De plus, les enjeux écologiques et les attentes sociétales par rapport à la forêt sont en pleine évolution. Au-delà de la production de bois, la forêt procure de nombreux bénéfices non-marchands environnementaux (biodiversité, stockage de carbone, purification de l’eau…) et sociaux (santé publique, tourisme, loisirs …) qui ne sont pas aujourd’hui financés par la collectivité et qui pourraient être remis en cause par une privatisation rampante des missions de l’ONF. Ainsi, nous sommes très inquiets par la proposition de modifier la gouvernance de l’ONF en réduisant le nombre de membres de son conseil d’administration qui passerait de 30 à 12 membres. Une proposition qui pourrait conduire à écarter les représentants des associations de protection de l’environnement ou encore des collectivités locales au profit des seuls intérêts économiques des acteurs de la filière forêt-bois.

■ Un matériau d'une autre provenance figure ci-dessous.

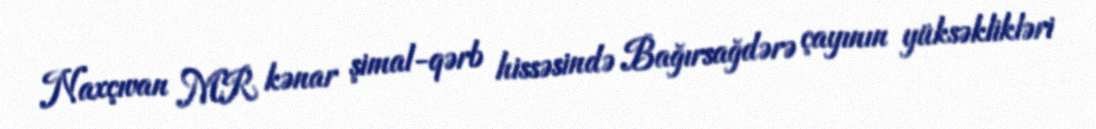
Naxçıvan MR kənar şimal-qərb hissəsində Bağırsağdərə çayının yüksəklikləri
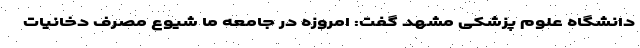
دانشگاه علوم پزشکی مشهد گفت: امروزه در جامعه ما شیوع مصرف دخانیات
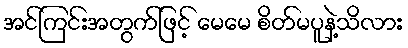
အင်ကြင်းအတွက်ဖြင့် မေမေ စိတ်မပူနဲ့သိလား
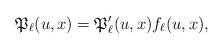
LaTeX: \begin{align*}{\frak P}_{\ell}(u,x)={\frak P}_{\ell}^{\prime}(u,x)f_{\ell}(u,x),\end{align*}
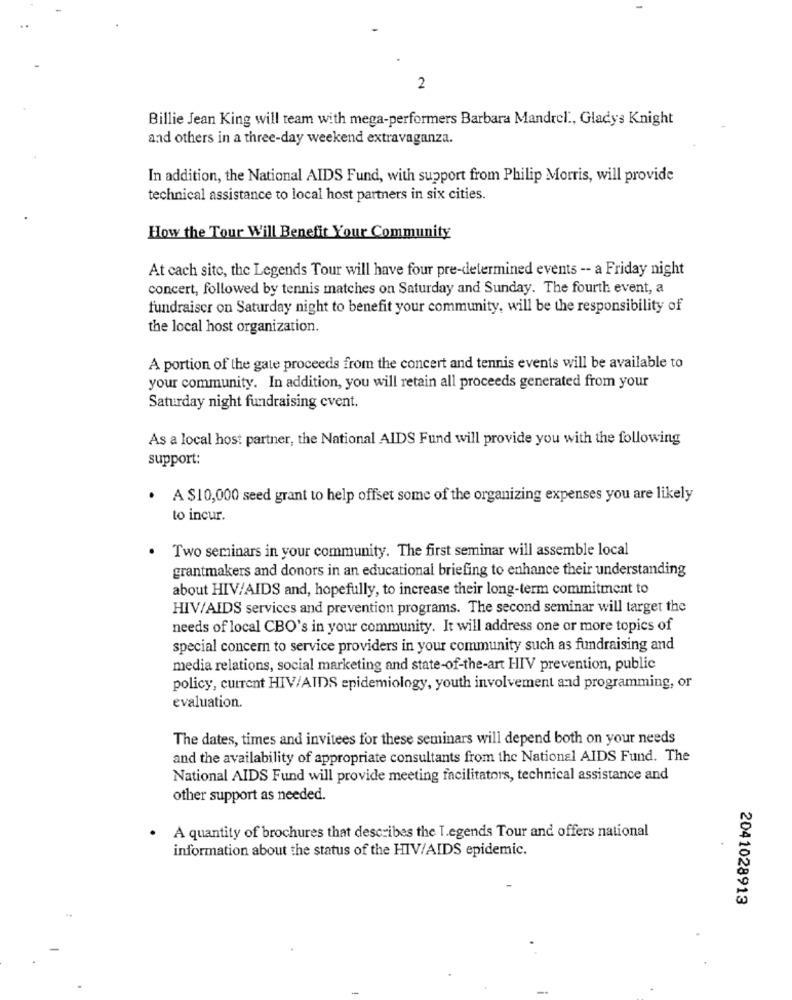
2
Billie Jean King will team with mega-performers Barbara Mandrel ., Gladys Knight
and others in a three-day weekend extravaganza.
In addition, the National AIDS Fund, with support from Philip Morris, will provide
technical assistance to local host partners in six cities.
How the Tour Will Benefit Your Community
At cach site, the Legends Tour will have four pre-determined events -- a Friday night
concert, followed by tennis matches on Saturday and Sunday. The fourth event, a
fundraiser on Saturday night to benefit your community, will be the responsibility of
the local host organization.
A portion of the gate proceeds from the concert and tennis events will be available to
your community. In addition, you will retain all proceeds generated from your
Saturday night fundraising event.
As a local host partner, the National AIDS Fund will provide you with the following
support:
. A $10,000 seed grant to help offset some of the organizing expenses you are likely
to incur.
Two seminars in your community. The first seminar will assemble local
grantmakers and donors in an educational briefing to enhance their understanding
about HIV/AIDS and, hopefully, to increase their long-term commitment to
HIV/AIDS services and prevention programs. The second seminar will target the
needs of local CBO's in your community. It will address one or more topics of
special concern to service providers in your community such as fundraising and
media relations, social marketing and state-of-the-art HIV prevention, public
policy, current HIV/AIDS epidemiology, youth involvement and programming, or
evaluation.
The dates, times and invitees for these seminars will depend both on your needs
and the availability of appropriate consultants from the National AIDS Fund. The
National AIDS Fund will provide meeting facilitators, technical assistance and
other support as needed.
A quantity of brochures that describes the Legends Tour and offers national
information about the status of the HIV/AIDS epidemic.
2041028913
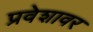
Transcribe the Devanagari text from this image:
प्रवेशावर
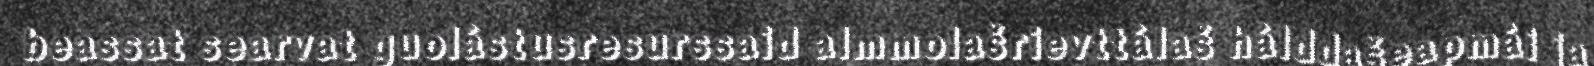
beassat searvat guolástusresurssaid almmolašrievttálaš hálddašeapmái ja
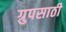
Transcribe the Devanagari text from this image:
ग्रुपसाठी
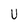
Character: U
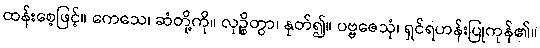
ထန်းစေ့ဖြင့်။ ကေသေ၊ ဆံတို့ကို။ လုဉ္စိတွာ၊ နုတ်၍။ ပဗ္ဗဇေသုံ၊ ရှင်ရဟန်းပြုကုန်၏။
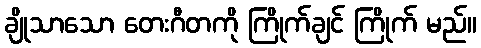
ချိုသာသော တေးဂီတကို ကြိုက်ချင် ကြိုက် မည်။
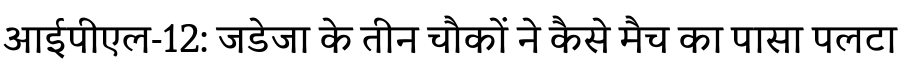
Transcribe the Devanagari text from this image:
आईपीएल-12: जडेजा के तीन चौकों ने कैसे मैच का पासा पलटा
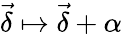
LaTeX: \vec{\delta}\mapsto\vec{\delta}+\alpha
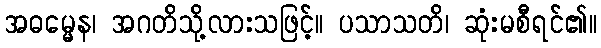
အဓမ္မေန၊ အဂတိသို့လားသဖြင့်။ ပသာသတိ၊ ဆုံးမစီရင်၏။
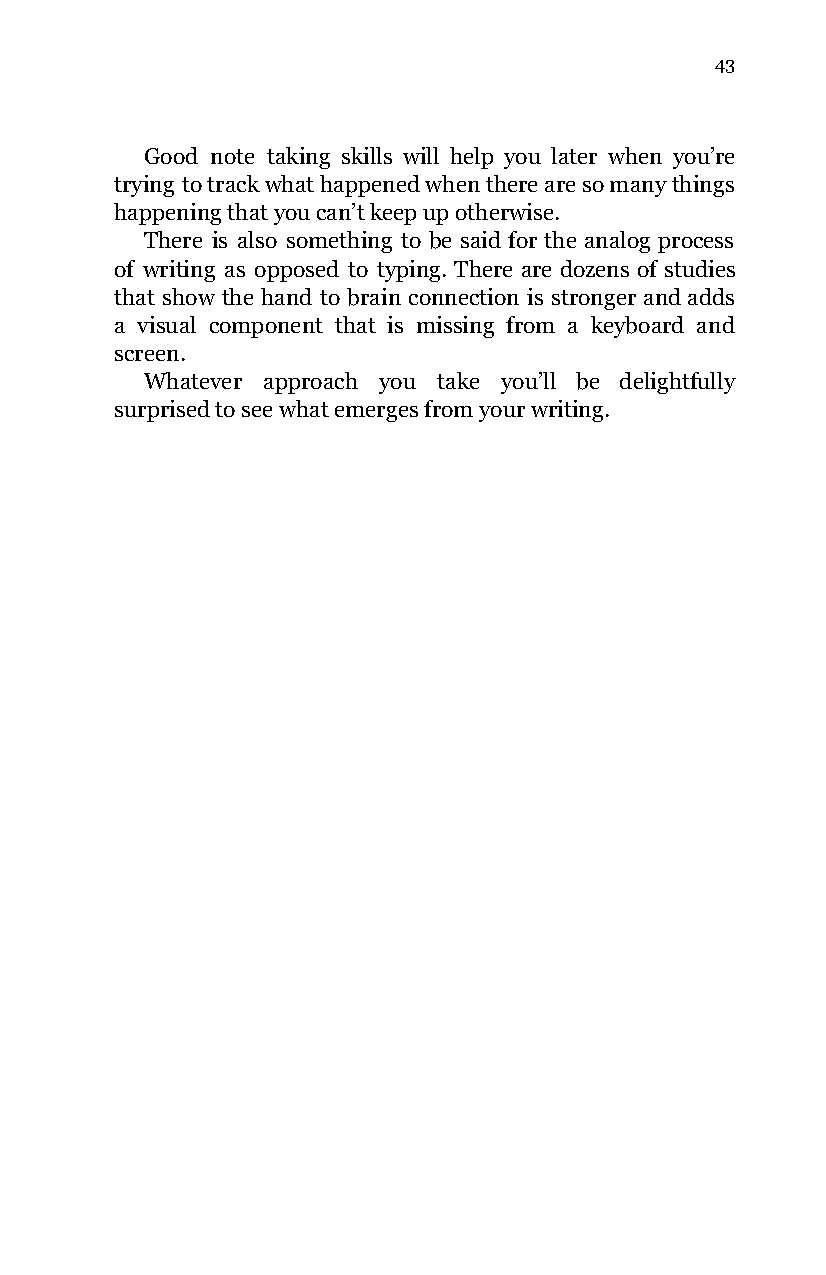
43
 Good note taking skills will help you later when you’re
 trying to track what happened when there are so many things
 happening that you can’t keep up otherwise.
 There is also something to be said for the analog process
 of writing as opposed to typing. There are dozens of studies
 that show the hand to brain connection is stronger and adds
 a visual component that is missing from a keyboard and
 screen.
 Whatever approach you take you’ll be delightfully
 surprised to see what emerges from your writing.
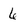
Character: 6
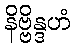
နိဗ္ဗိန္ဒဟံ
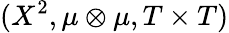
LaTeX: (X^{2},\mu\otimes\mu,T\times T)
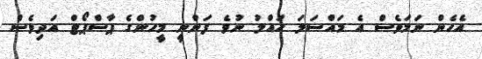
އެހެން ނަމަވެސް އެ މައްސަލަ ހައްލު ނުވެ ފަންނީ މީހުންގެ ޕާސްޕޯޓް އަދިވެސް
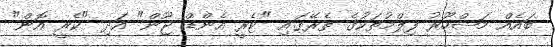
ބައެއް މަޝްހޫރު ފިލްމުތަކުގެ ތެރޭގައި "ޓެރީ އެންޑް ޖޫން" އަދި "ކެރީ އޮން"
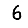
Digit: 6
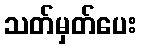
သတ်မှတ်ပေး
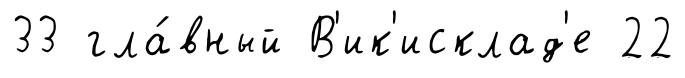
33 гла́вный В'ик'исклад'е 22
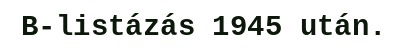
B-listázás 1945 után.
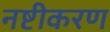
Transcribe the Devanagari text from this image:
नष्टीकरण
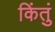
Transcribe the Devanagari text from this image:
किंतुं
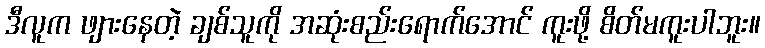
ဒီလူက ဖျားနေတဲ့ ချစ်သူကို အဆုံးစည်းရောက်အောင် ကူးဖို့ စိတ်မကူးပါဘူး။
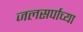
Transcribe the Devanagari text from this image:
जलसर्पाच्या
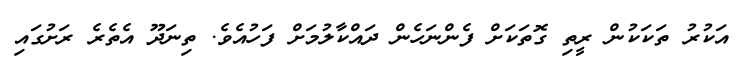
އަކުރު ތަކަކުން ރީތި ގޮތަކަށް ފެންނަހެން ދައްކާލުމަށް ފަހުއެވެ. ތިނަދޫ އެތެރެ ރަށުގައި
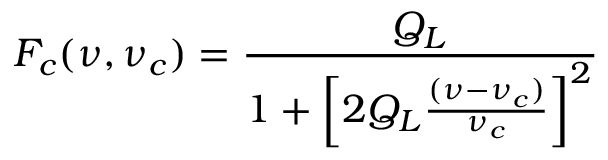
F _ { c } ( \nu , \nu _ { c } ) = \frac { Q _ { L } } { 1 + \left[ 2 Q _ { L } \frac { ( \nu - \nu _ { c } ) } { \nu _ { c } } \right] ^ { 2 } }
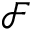
\mathcal { F }
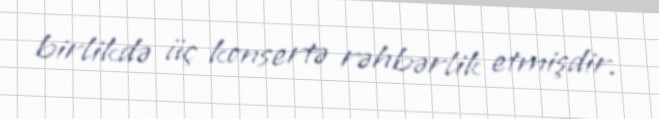
birlikdə üç konsertə rəhbərlik etmişdir.
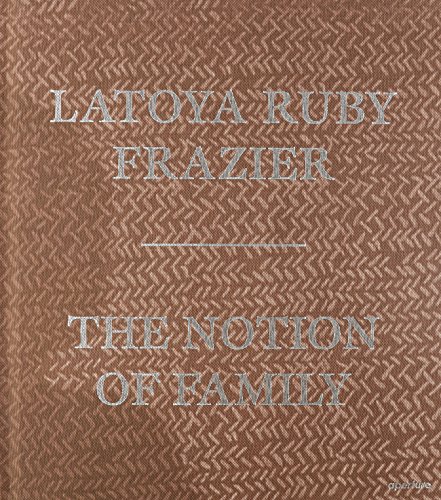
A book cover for LaToya Ruby Frazier: The Notion of Family; Laura Wexler; Arts & Photography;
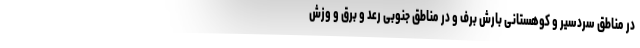
در مناطق سردسیر و کوهستانی بارش برف و در مناطق جنوبی رعد و برق و وزش
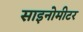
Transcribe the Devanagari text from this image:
साइनोमीटर
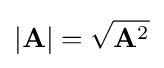
|\mathbf {A} |={\sqrt {\mathbf {A} ^{2}}}
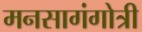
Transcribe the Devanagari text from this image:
मनसागंगोत्री
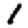
Digit: 1
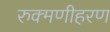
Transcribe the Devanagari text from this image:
रुक्मणीहरण
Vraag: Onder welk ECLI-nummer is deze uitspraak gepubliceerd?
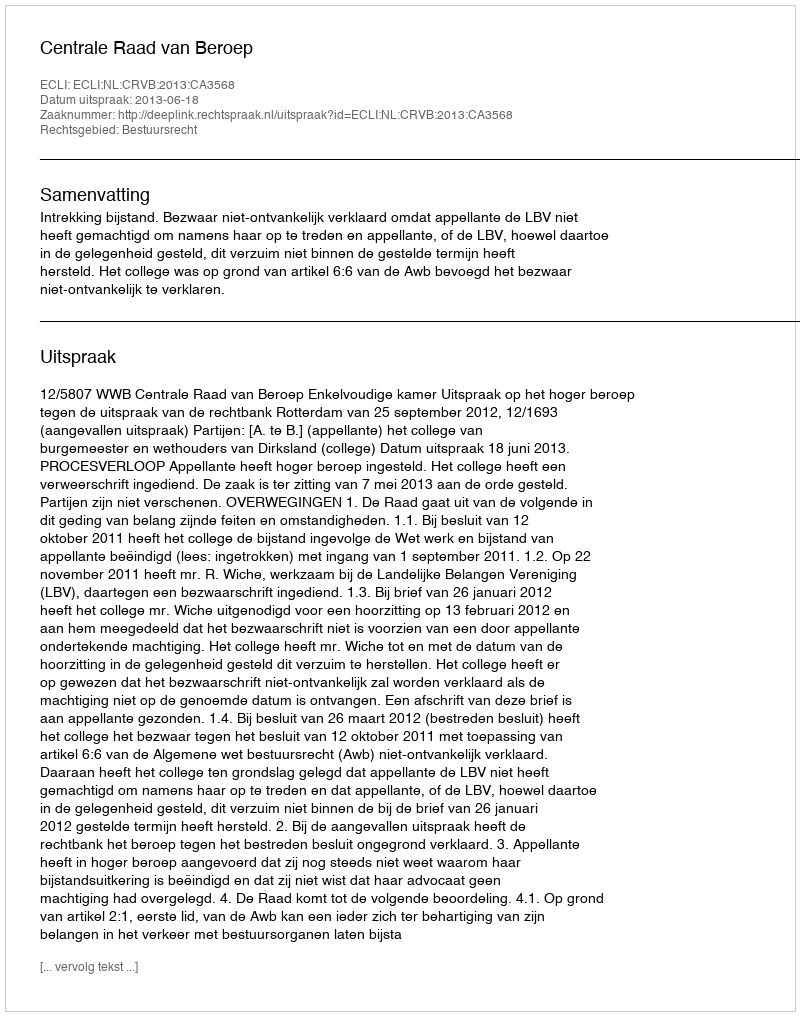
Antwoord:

Dans le cadre du plan de relance, le gouvernement a annoncé un plan de soutien à la filière forêt-bois mais ne prévoit aucune augmentation du budget de l’ONF, pourtant en déficit structurel depuis plusieurs années. Rappelons que la Convention Citoyenne sur le Climat appelle, à l’inverse, à renforcer les garanties protectrices de service public apportées par l’ONF. Cette convention appelle également à renforcer les effectifs de l’Établissement public qui rien qu’en 2019 ont été amputés de 400 suppressions de postes soit 1 emploi sur 20 : l’ONF est en voie de disparition physique. Le Président de la République s’est engagé à ce que les propositions de la Convention Citoyenne pour le Climat soient débattues au parlement. À l’heure du changement climatique, les choix à faire pour les forêts et l’avenir de l’ONF méritent mieux qu’un débat tronqué au détour d’un article d’une loi de simplification administrative.
En attendant que s’ouvre ce débat, nous vous appelons à rejeter les dispositions de l’article 33 du projet de loi ASAP.
Dans l’attente de votre réponse, nous vous prions, Madame, Monsieur, de bien vouloir recevoir l’expression de nos salutations les plus respectueuses.